### Work item
Only one stretch of the data below is wanted: the lines from the one with "to the east, in order: Pine" through the one with "longitude: 23.0654", repeated exactly.

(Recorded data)

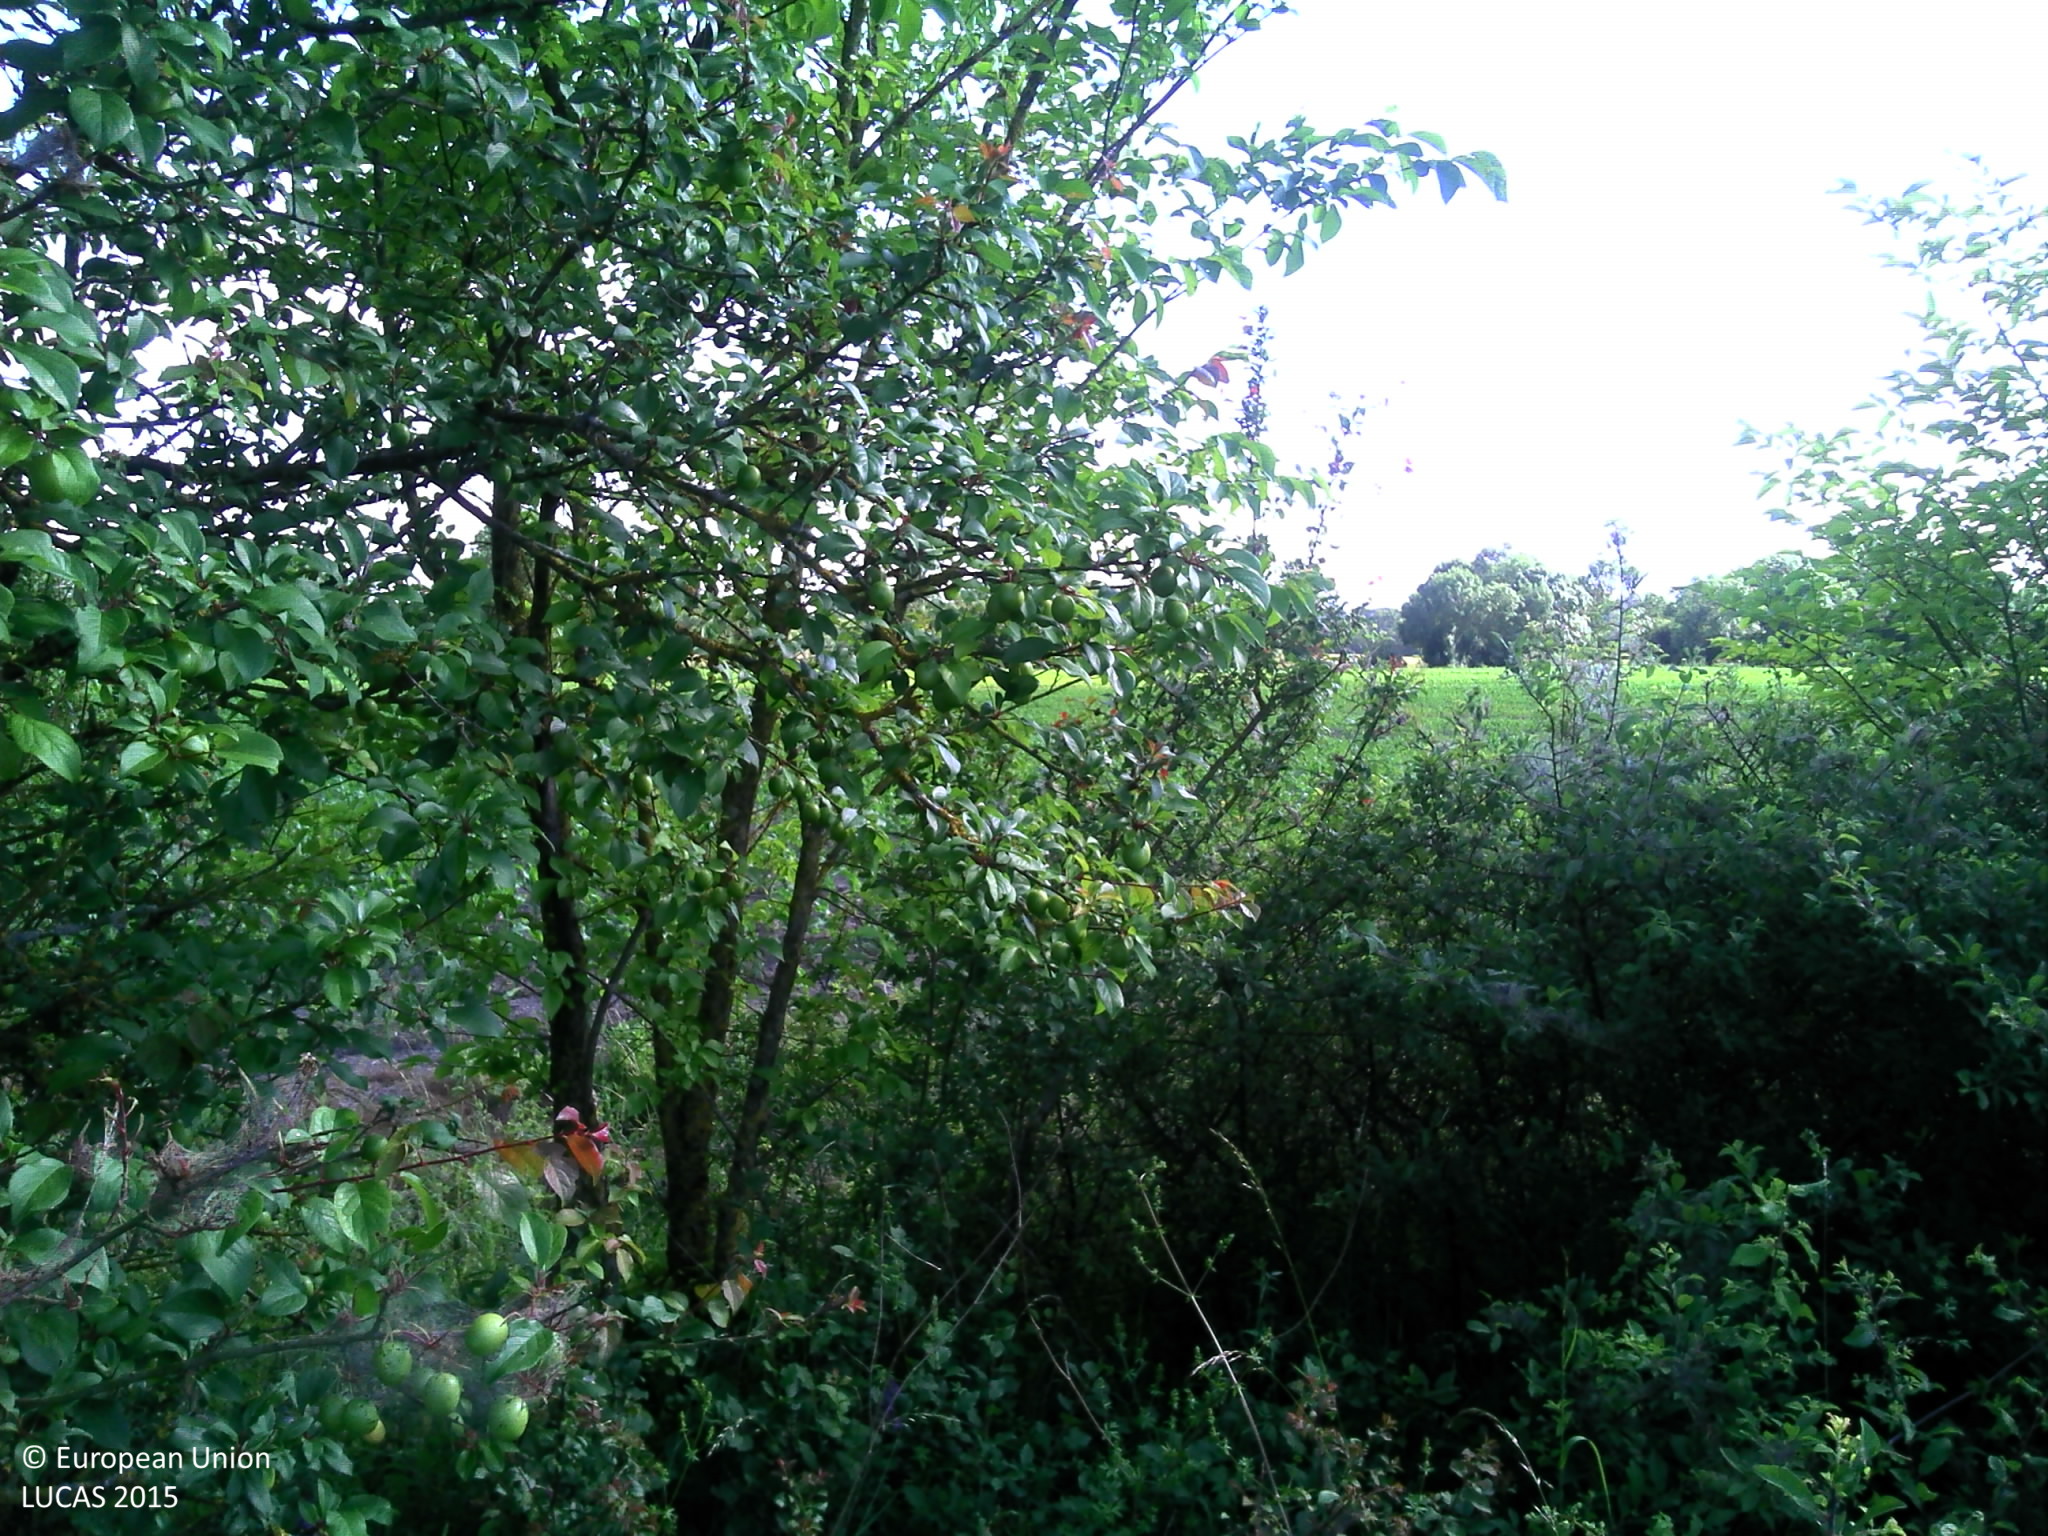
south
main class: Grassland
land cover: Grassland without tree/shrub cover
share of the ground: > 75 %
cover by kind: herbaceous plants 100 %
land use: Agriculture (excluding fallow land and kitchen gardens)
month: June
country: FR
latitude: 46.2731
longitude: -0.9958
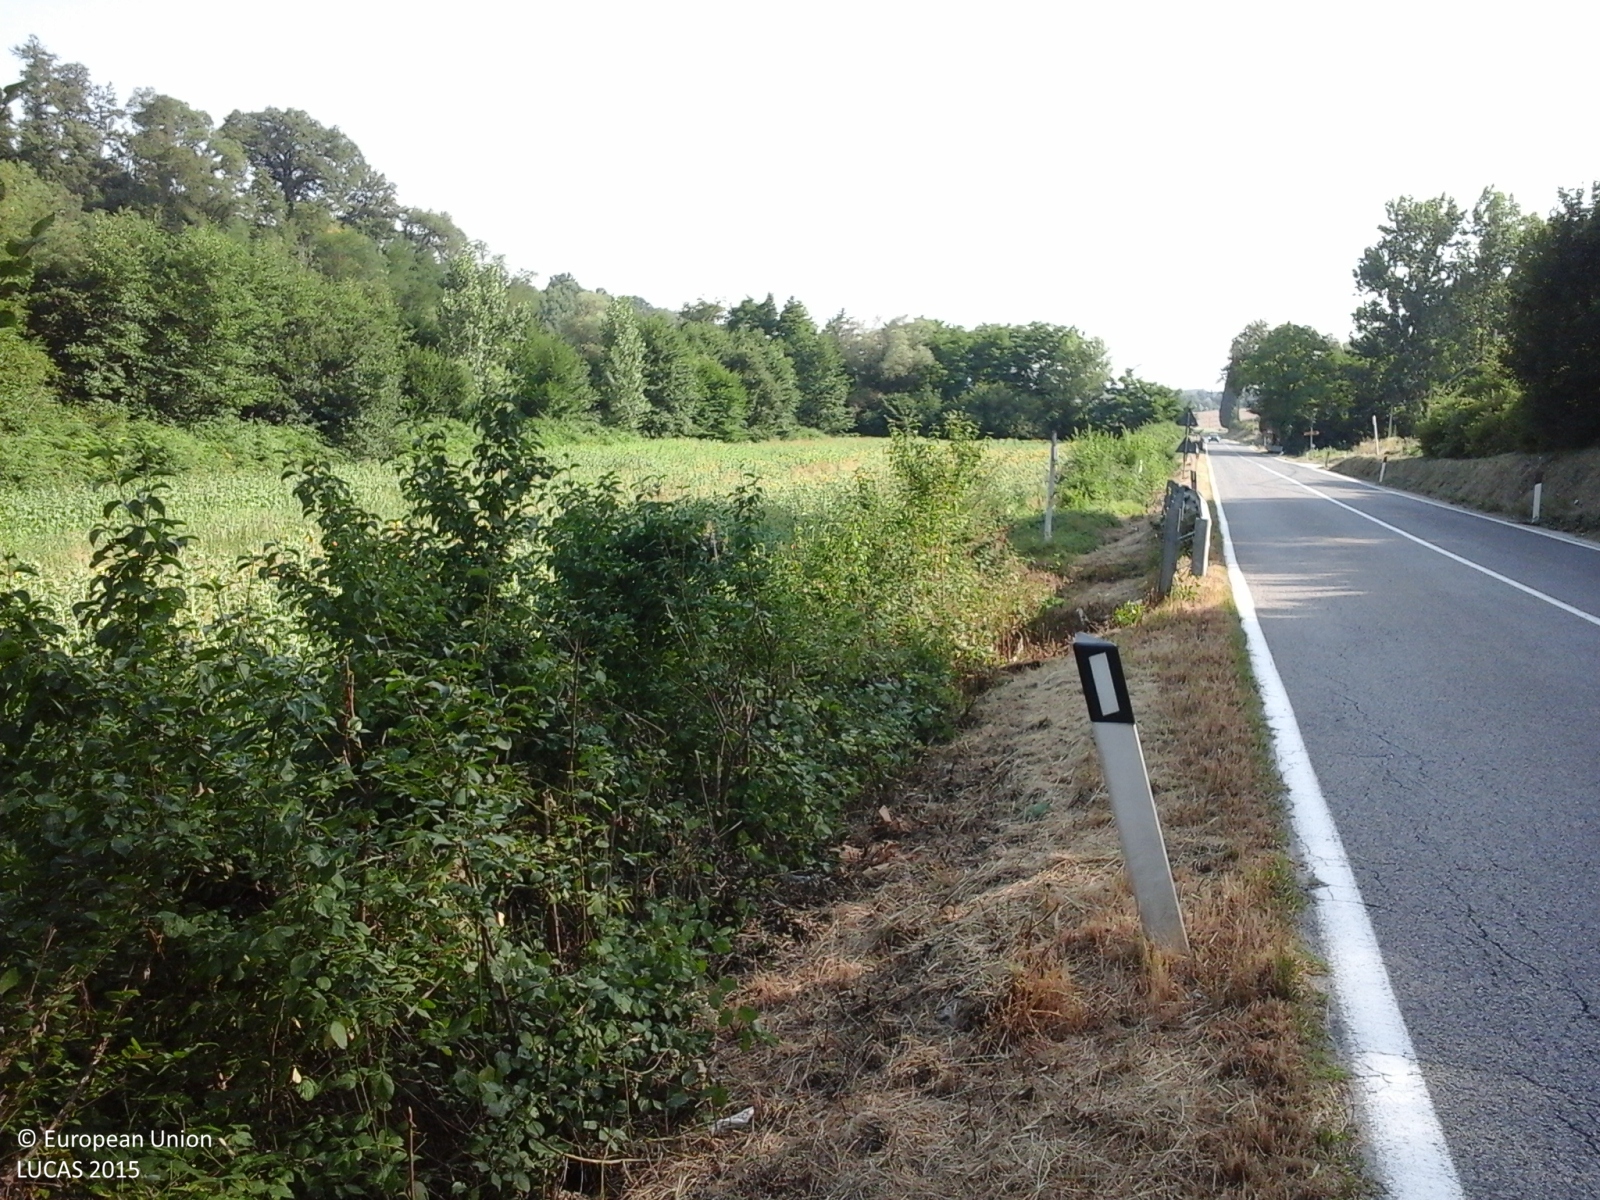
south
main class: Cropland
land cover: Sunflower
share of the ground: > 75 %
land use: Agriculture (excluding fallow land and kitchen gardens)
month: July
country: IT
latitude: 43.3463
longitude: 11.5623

---

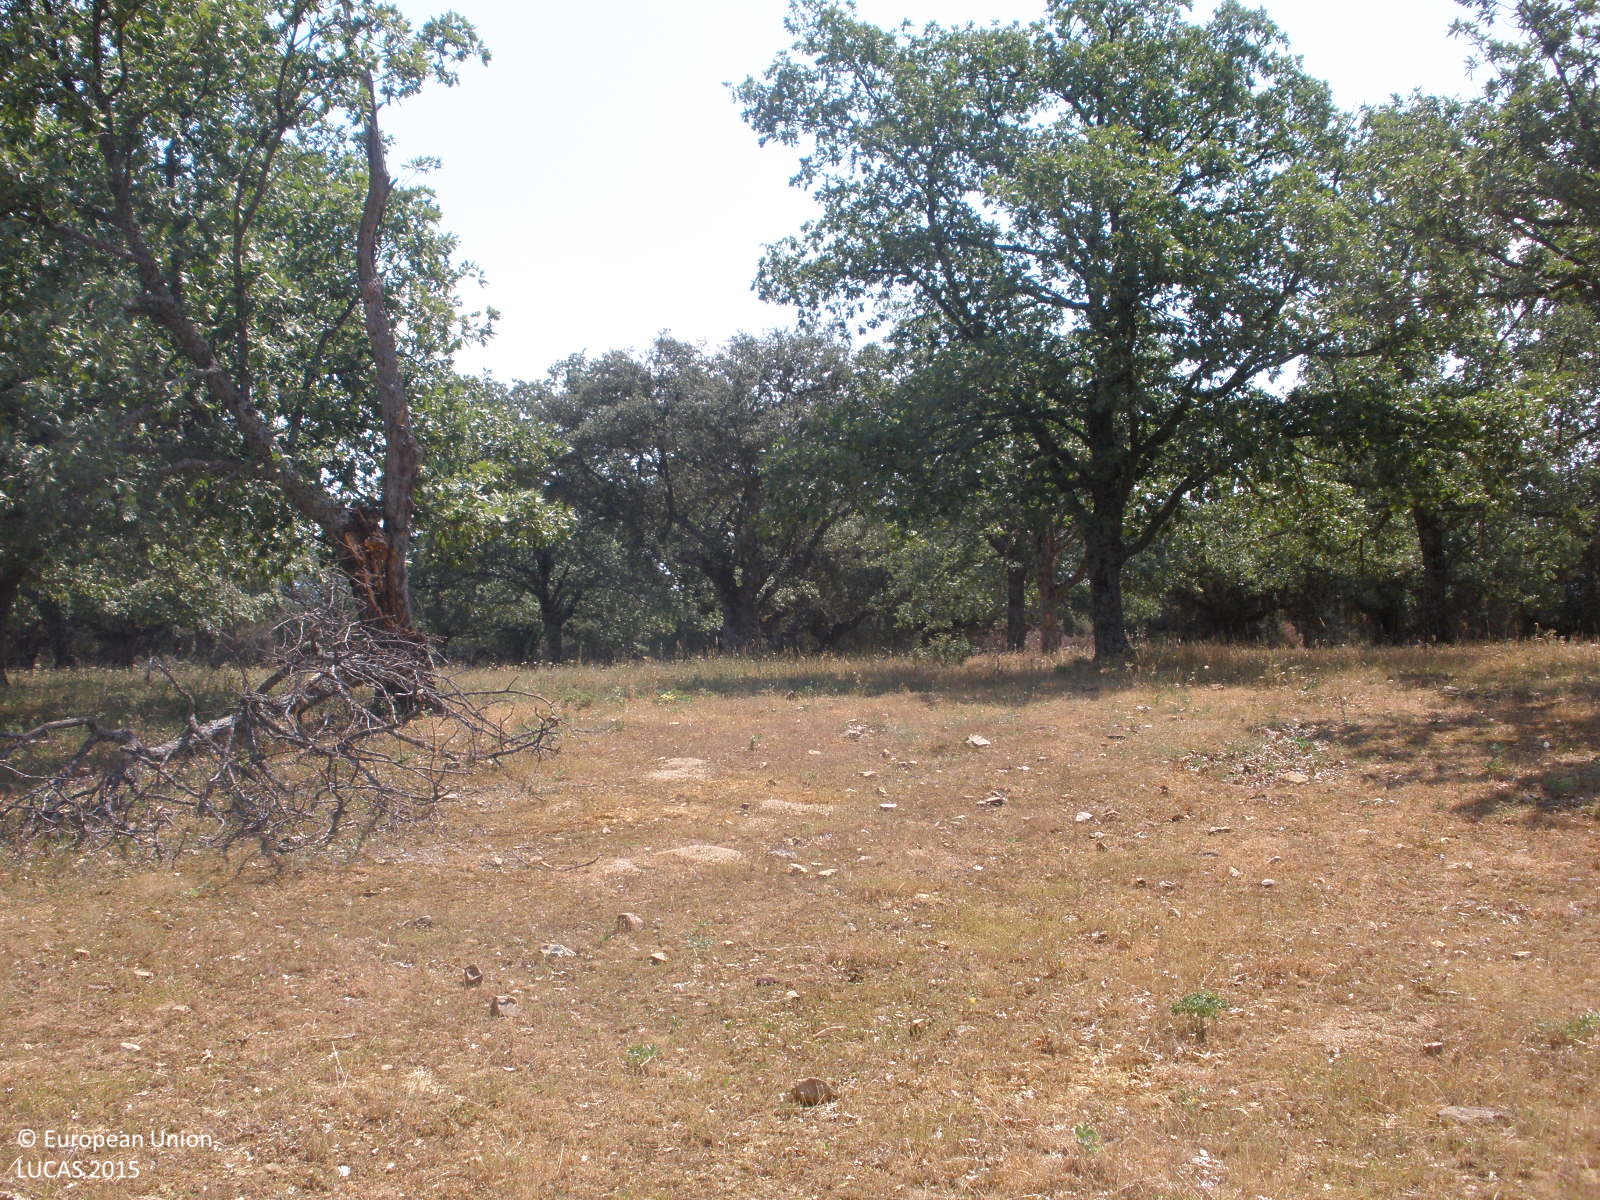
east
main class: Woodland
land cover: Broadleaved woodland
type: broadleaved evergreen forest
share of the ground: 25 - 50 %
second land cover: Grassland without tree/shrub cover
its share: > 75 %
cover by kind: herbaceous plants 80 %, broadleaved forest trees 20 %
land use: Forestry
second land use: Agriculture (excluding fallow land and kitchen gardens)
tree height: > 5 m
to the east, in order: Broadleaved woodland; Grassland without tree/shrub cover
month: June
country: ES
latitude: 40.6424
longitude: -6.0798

...

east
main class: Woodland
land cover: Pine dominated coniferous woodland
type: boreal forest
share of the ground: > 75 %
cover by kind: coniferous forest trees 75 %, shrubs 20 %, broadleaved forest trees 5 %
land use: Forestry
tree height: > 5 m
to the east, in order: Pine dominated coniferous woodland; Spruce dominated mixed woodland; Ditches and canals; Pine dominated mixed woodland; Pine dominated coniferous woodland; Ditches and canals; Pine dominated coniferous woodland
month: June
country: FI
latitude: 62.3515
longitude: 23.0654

### Solution below
to the east, in order: Pine dominated coniferous woodland; Spruce dominated mixed woodland; Ditches and canals; Pine dominated mixed woodland; Pine dominated coniferous woodland; Ditches and canals; Pine dominated coniferous woodland
month: June
country: FI
latitude: 62.3515
longitude: 23.0654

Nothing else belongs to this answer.